I will use induction.For $\rm k=0$ we have $\rm y_{0+1}=y_1=1=x_1=x_{2^0}$ Let $\rm y_{r+1}=x_{2^r}$.We must show that $\rm y_{r+2}=x_{2^{r+1}}$ $\rm y_{r+2}=\dfrac{y_{r+1}^2+2}{2y_{r+1}}=\dfrac{x^2_{2^r}+2}{2x_{2^r}}$.So we must show that $\rm \dfrac{x^2_{2^r}+2}{2x_{2^r}}=x_{2^{r+1}}$. For this it suffice to show that $\rm \dfrac{x^2_t+1}{2x_t}=x_{2t},\forall t\in \mathbb{N^*}$. To prove this i will use induction.We have $\rm x_2=\dfrac{x_1+2}{x_1+1}=\dfrac{3}{2}$,so for $\rm t=1$ we have $\rm \dfrac{x_1^2+1}{2x_1}=\dfrac{3}{2}=x_{2\cdot1}$ Let $\rm \dfrac{x_r^2+1}{2x_r}=x_{2r}$.We must show that $\rm \dfrac{x^2_{r+1}+1}{2x_{r+1}}=x_{2(r+1)}$ $\rm x_{2r+2}=\dfrac{x_{2r+1}+2}{x_{2r+1}+1}=..=\dfrac{3x_{2r}+4}{2x_{2r}+3}=..=\dfrac{3x^2_r+8r+6}{2x^2_r+6x_r+4}$ Since $\rm x_{r+1}=\dfrac{x_r+2}{x_r+1}$ we have $\rm \dfrac{x^2_{r+1}+1}{2x_{r+1}}=..=\dfrac{3x^2_r+8r+6}{2x^2_r+6x_r+4}=x_{2r+2}$ qed.

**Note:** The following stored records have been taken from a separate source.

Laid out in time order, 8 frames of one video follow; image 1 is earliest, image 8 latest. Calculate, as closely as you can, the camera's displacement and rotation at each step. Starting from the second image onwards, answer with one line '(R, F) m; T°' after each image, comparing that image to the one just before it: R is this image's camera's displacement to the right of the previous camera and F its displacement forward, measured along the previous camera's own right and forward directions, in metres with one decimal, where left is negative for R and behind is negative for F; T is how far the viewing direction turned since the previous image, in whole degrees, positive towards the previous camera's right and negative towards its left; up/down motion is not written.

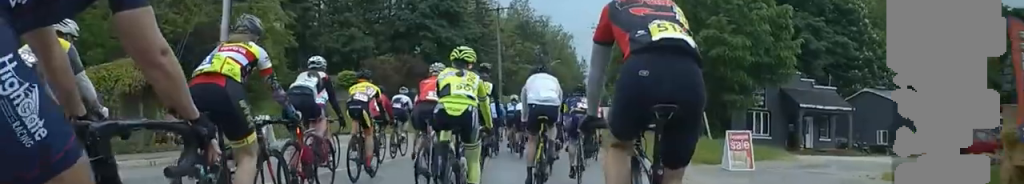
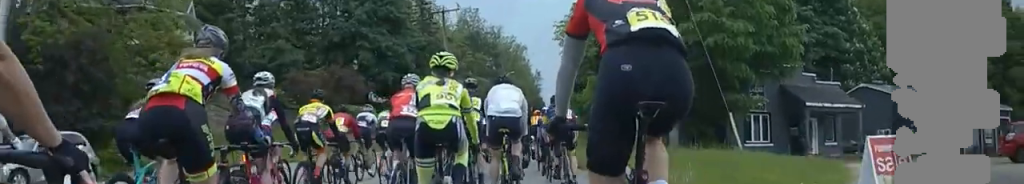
(-0.1, +6.4) m; -1°
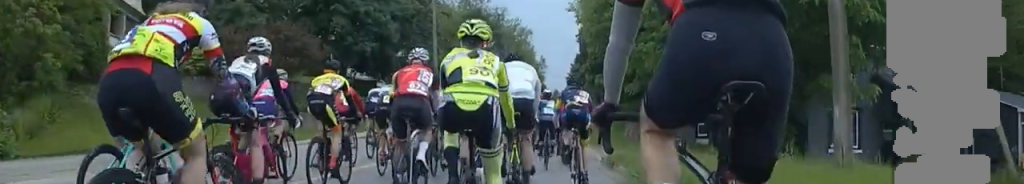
(-0.4, +9.3) m; -1°
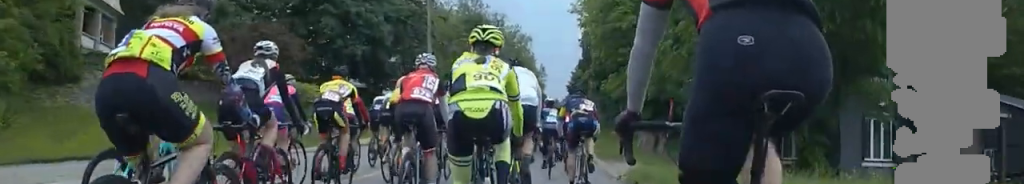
(0.0, +2.7) m; 0°
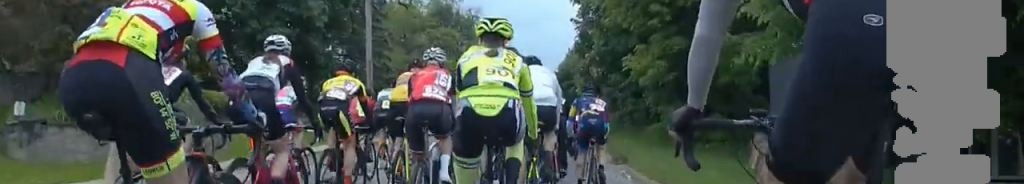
(+0.1, +11.9) m; +2°
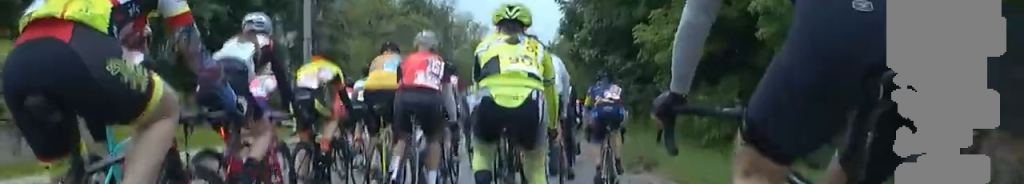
(+0.8, +5.9) m; -1°
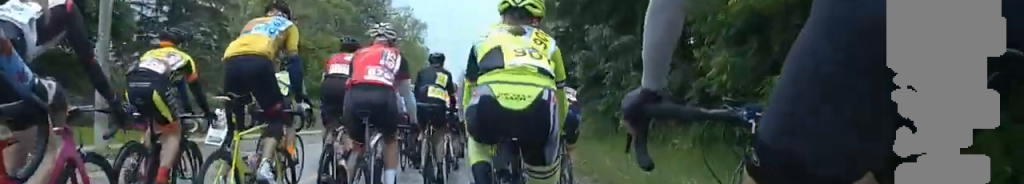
(-0.4, +9.7) m; 0°
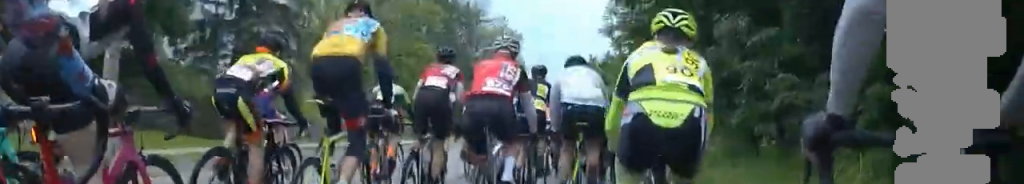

Define $(a_n)_{n\geq 1}$ and $(b_n)_{n\geq 1}$ by $a_1=b_1=1$ and $a_{n+1}=a_n+2b_n$, $b_{n+1}=a_n+b_n$. This way $x_n=\frac{a_n}{b_n}$ (by induction, say). Lemma: The following are true: $$a_{2n}=2b_n^2+a_n^2 \text{ , } b_{2n}=2a_nb_n$$Proof: Write the recurrence relation in matrix notation $$\left(\begin{array}{cc} a_{n+1}&a_n\\ b_{n+1}&b_n\end{array}\right)=\left(\begin{array}{cc} 1&2\\ 1&1\end{array}\right)\left(\begin{array}{cc} a_n&a_{n-1}\\ b_n&b_{n-1}\end{array}\right)\implies \left(\begin{array}{cc} a_{n+1}&a_n\\ b_{n+1}&b_n\end{array}\right)=\left(\begin{array}{cc} 1&2\\ 1&1\end{array}\right)^{n-1}\left(\begin{array}{cc} 3&1\\ 2&1\end{array}\right)=\left(\begin{array}{cc} 1&2\\ 1&1\end{array}\right)^n\left(\begin{array}{cc} 1&1\\ 1&0\end{array}\right)$$ Now $$\left(\begin{array}{cc} a_{2n+1}&a_{2n}\\ b_{2n+1}&b_{2n}\end{array}\right)=\left(\begin{array}{cc} 1&2\\ 1&1\end{array}\right)^{2n}\left(\begin{array}{cc} 1&1\\ 1&0\end{array}\right)=\left(\begin{array}{cc} 1&2\\ 1&1\end{array}\right)^n\left(\begin{array}{cc} 1&1\\ 1&0\end{array}\right)\left(\begin{array}{cc} 0&1\\ 1&-1\end{array}\right)\left(\begin{array}{cc} 1&2\\ 1&1\end{array}\right)^n\left(\begin{array}{cc} 1&1\\ 1&0\end{array}\right)=\left(\begin{array}{cc} a_{n+1}&a_n\\ b_{n+1}&b_n\end{array}\right)\left(\begin{array}{cc} 0&1\\ 1&-1\end{array}\right)\left(\begin{array}{cc} a_{n+1}&a_n\\ b_{n+1}&b_n\end{array}\right)$$ And hence we get the desired relations. $\blacksquare$ We show that $y_{n+1}=x_{2^n}$ by induction. For $n=1$ both sides are $\frac{3}{2}$, so the base case is verified. We will now make use of the following Identity: $$x_{2n}=\frac{x_n^2+2}{2x_n}$$Proof: Substitute $x_n=\frac{a_n}{b_n}$ and rewrite it as $$2x_{2n}x_n=2\frac{a_{2n}a_n}{b_{2n}b_n}=\frac{2a_na_{2n}}{2a_nb_n^2}=\frac{a_n^2+2b_n^2}{b_n^2}=\frac{a_n^2}{b_n^2}+2=x_n^2+2$$Which is equivalent to the proposition $\blacksquare$ This serves as the inductive step, so $x_{2^n}=y_{n+1}$. $\blacksquare$